19. The transaction authentication server of claim 17, wherein the secret element generating unit is configured to:

generate an identification secret element for identifying the authentication device and the user, the identification secret element comprising payload data, the payload data comprising a requestor identification and a random sequence number;

encrypt the random sequence number with a geo encryption key, the geo encryption key being obtained by applying a key derivation function on the geo-location information of the user device; and

encrypt the payload data with the first cryptographic key.

20. The transaction authentication server of claim 17, wherein the secret element generating unit is configured to:

generate a transaction secret element for carrying out the electronic transaction, the transaction secret element comprising payload data, the payload data comprising transaction details of the user, and a transaction random sequence number;

encrypt the transaction random sequence number with a transaction encryption key, the identification key being obtained by applying a key derivation function on the geo-location information of the user device; and

encrypt the payload data with a user public key.

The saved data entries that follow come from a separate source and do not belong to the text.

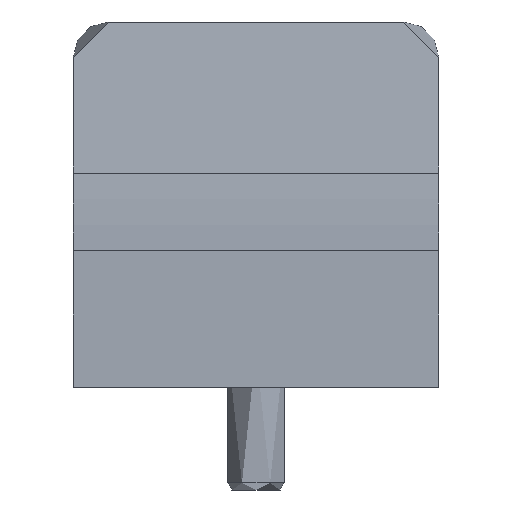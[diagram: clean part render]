
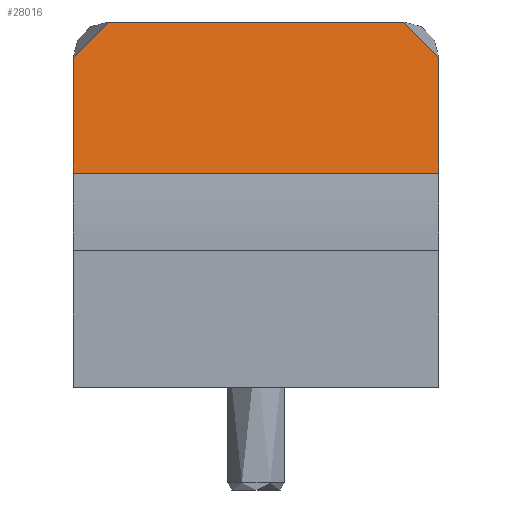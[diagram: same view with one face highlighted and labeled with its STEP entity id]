
A CAD part, left-side view. The second image highlights one B-rep face of the part: STEP entity #28016.
In plain terms, the highlighted planar face has unit normal (-0.994, 0, 0.11).
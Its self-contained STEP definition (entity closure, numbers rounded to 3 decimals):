
#9 = CARTESIAN_POINT ( 'NONE',  ( -8.388, -26., 30.505 ) ) ;
#624 = PLANE ( 'NONE',  #16380 ) ;
#788 = CARTESIAN_POINT ( 'NONE',  ( -8.388, 26., 30.505 ) ) ;
#3156 = DIRECTION ( 'NONE',  ( 0.11, 0., 0.994 ) ) ;
#3475 = CARTESIAN_POINT ( 'NONE',  ( -6., -23.929, 52. ) ) ;
#5126 = LINE ( 'NONE', #6202, #9832 ) ;
#5133 = ORIENTED_EDGE ( 'NONE', *, *, #9133, .T. ) ;
#6202 = CARTESIAN_POINT ( 'NONE',  ( -6., 26., 52. ) ) ;
#7260 = FACE_OUTER_BOUND ( 'NONE', #24712, .T. ) ;
#8809 = VERTEX_POINT ( 'NONE', #33674 ) ;
#9133 = EDGE_CURVE ( 'NONE', #25174, #16417, #31915, .T. ) ;
#9165 = ORIENTED_EDGE ( 'NONE', *, *, #17340, .T. ) ;
#9832 = VECTOR ( 'NONE', #29743, 1000. ) ;
#9865 =( BOUNDED_CURVE ( )  B_SPLINE_CURVE ( 3, ( #32420, #11606, #32081, #21777 ),
 .UNSPECIFIED., .F., .F. ) 
 B_SPLINE_CURVE_WITH_KNOTS ( ( 4, 4 ),
 ( 3.142, 4.712 ),
 .UNSPECIFIED. ) 
 CURVE ( )  GEOMETRIC_REPRESENTATION_ITEM ( )  RATIONAL_B_SPLINE_CURVE ( ( 1., 0.805, 0.805, 1. ) ) 
 REPRESENTATION_ITEM ( '' )  );
#9888 = VECTOR ( 'NONE', #28671, 1000. ) ;
#9924 = EDGE_CURVE ( 'NONE', #16417, #8809, #20906, .T. ) ;
#11005 = ORIENTED_EDGE ( 'NONE', *, *, #9924, .T. ) ;
#11284 = CARTESIAN_POINT ( 'NONE',  ( -8.755, 26., 27.202 ) ) ;
#11338 = CARTESIAN_POINT ( 'NONE',  ( -6., 21., 52. ) ) ;
#11606 = CARTESIAN_POINT ( 'NONE',  ( -6., 23.929, 52. ) ) ;
#11969 = CARTESIAN_POINT ( 'NONE',  ( -6., -21., 52. ) ) ;
#12370 = VECTOR ( 'NONE', #14249, 1000. ) ;
#12901 = EDGE_CURVE ( 'NONE', #25174, #31165, #14958, .T. ) ;
#13497 = CARTESIAN_POINT ( 'NONE',  ( -8.755, 26., 27.202 ) ) ;
#14249 = DIRECTION ( 'NONE',  ( 0., -1., 0. ) ) ;
#14958 = LINE ( 'NONE', #13497, #16183 ) ;
#15982 = VERTEX_POINT ( 'NONE', #11338 ) ;
#16183 = VECTOR ( 'NONE', #3156, 1000. ) ;
#16380 = AXIS2_PLACEMENT_3D ( 'NONE', #11284, #18798, #24183 ) ;
#16417 = VERTEX_POINT ( 'NONE', #9 ) ;
#17340 = EDGE_CURVE ( 'NONE', #15982, #31165, #9865, .T. ) ;
#18174 =( BOUNDED_CURVE ( )  B_SPLINE_CURVE ( 3, ( #21063, #26233, #3475, #29528 ),
 .UNSPECIFIED., .F., .F. ) 
 B_SPLINE_CURVE_WITH_KNOTS ( ( 4, 4 ),
 ( 4.712, 6.283 ),
 .UNSPECIFIED. ) 
 CURVE ( )  GEOMETRIC_REPRESENTATION_ITEM ( )  RATIONAL_B_SPLINE_CURVE ( ( 1., 0.805, 0.805, 1. ) ) 
 REPRESENTATION_ITEM ( '' )  );
#18186 = ORIENTED_EDGE ( 'NONE', *, *, #12901, .F. ) ;
#18798 = DIRECTION ( 'NONE',  ( 0.994, 0., -0.11 ) ) ;
#18804 = EDGE_CURVE ( 'NONE', #8809, #24499, #18174, .T. ) ;
#20906 = LINE ( 'NONE', #31073, #9888 ) ;
#21063 = CARTESIAN_POINT ( 'NONE',  ( -6.556, -26., 47. ) ) ;
#21777 = CARTESIAN_POINT ( 'NONE',  ( -6.556, 26., 47. ) ) ;
#24183 = DIRECTION ( 'NONE',  ( -0.11, 0., -0.994 ) ) ;
#24499 = VERTEX_POINT ( 'NONE', #11969 ) ;
#24712 = EDGE_LOOP ( 'NONE', ( #11005, #29102, #33637, #9165, #18186, #5133 ) ) ;
#25174 = VERTEX_POINT ( 'NONE', #788 ) ;
#26233 = CARTESIAN_POINT ( 'NONE',  ( -6.23, -26., 49.929 ) ) ;
#28016 = ADVANCED_FACE ( 'NONE', ( #7260 ), #624, .F. ) ;
#28671 = DIRECTION ( 'NONE',  ( 0.11, 0., 0.994 ) ) ;
#29102 = ORIENTED_EDGE ( 'NONE', *, *, #18804, .T. ) ;
#29528 = CARTESIAN_POINT ( 'NONE',  ( -6., -21., 52. ) ) ;
#29743 = DIRECTION ( 'NONE',  ( 0., -1., 0. ) ) ;
#29746 = CARTESIAN_POINT ( 'NONE',  ( -8.388, 26., 30.505 ) ) ;
#31073 = CARTESIAN_POINT ( 'NONE',  ( -8.755, -26., 27.202 ) ) ;
#31165 = VERTEX_POINT ( 'NONE', #31367 ) ;
#31367 = CARTESIAN_POINT ( 'NONE',  ( -6.556, 26., 47. ) ) ;
#31617 = EDGE_CURVE ( 'NONE', #15982, #24499, #5126, .T. ) ;
#31915 = LINE ( 'NONE', #29746, #12370 ) ;
#32081 = CARTESIAN_POINT ( 'NONE',  ( -6.23, 26., 49.929 ) ) ;
#32420 = CARTESIAN_POINT ( 'NONE',  ( -6., 21., 52. ) ) ;
#33637 = ORIENTED_EDGE ( 'NONE', *, *, #31617, .F. ) ;
#33674 = CARTESIAN_POINT ( 'NONE',  ( -6.556, -26., 47. ) ) ;

21. An authentication device for performing secure end-to-end authentication of an electronic transaction via a transaction authentication server, wherein the electronic transaction is initiated by a user using a user device, the authentication device comprising:

an authentication unit in communication with a processor and configured to analyze an image of at least one secret element comprising encrypted payload data, the image of the at least one secret element being captured by the authentication device from the user device, the at least one secret element being transmitted to the user device by the transaction authentication server, wherein the image of the at least on secret element is analyzed to extract the payload data by decrypting the payload data using at least two cryptographic keys.

22. The authentication device of claim 21, wherein the authentication unit is configured to:

decrypt the payload data using a first cryptographic key to obtain an encrypted activation code; and

decrypt the encrypted activation code using a registration encryption key.

23. The authentication device of claim 21, wherein the authentication unit is configured to:

generate a user specific private key and a public key pair;

encrypt the user specific private key using a key protection key, wherein the key protection key is obtained by applying a key derivation function to a unique identification of the authentication device, a unique identification of the user which is known to user and a cryptographic salt; and

encrypt the public key and the cryptographic salt using a first cryptographic key.

24. The authentication device of claim 23, wherein the authentication unit is configured to:

decrypt the payload data using the first cryptographic key to obtain at least a requestor identification and an encrypted random sequence number;

decrypt the encrypted random sequence number using a geo encryption key; and

encrypt the decrypted random sequence number with the user specific private key.

25. The authentication device of claim 21, wherein the authentication unit is configured to:

decrypt the payload data using a user specific private key to obtain an encrypted transaction random sequence number; and

decrypt the encrypted transaction random sequence number using a transaction encryption key.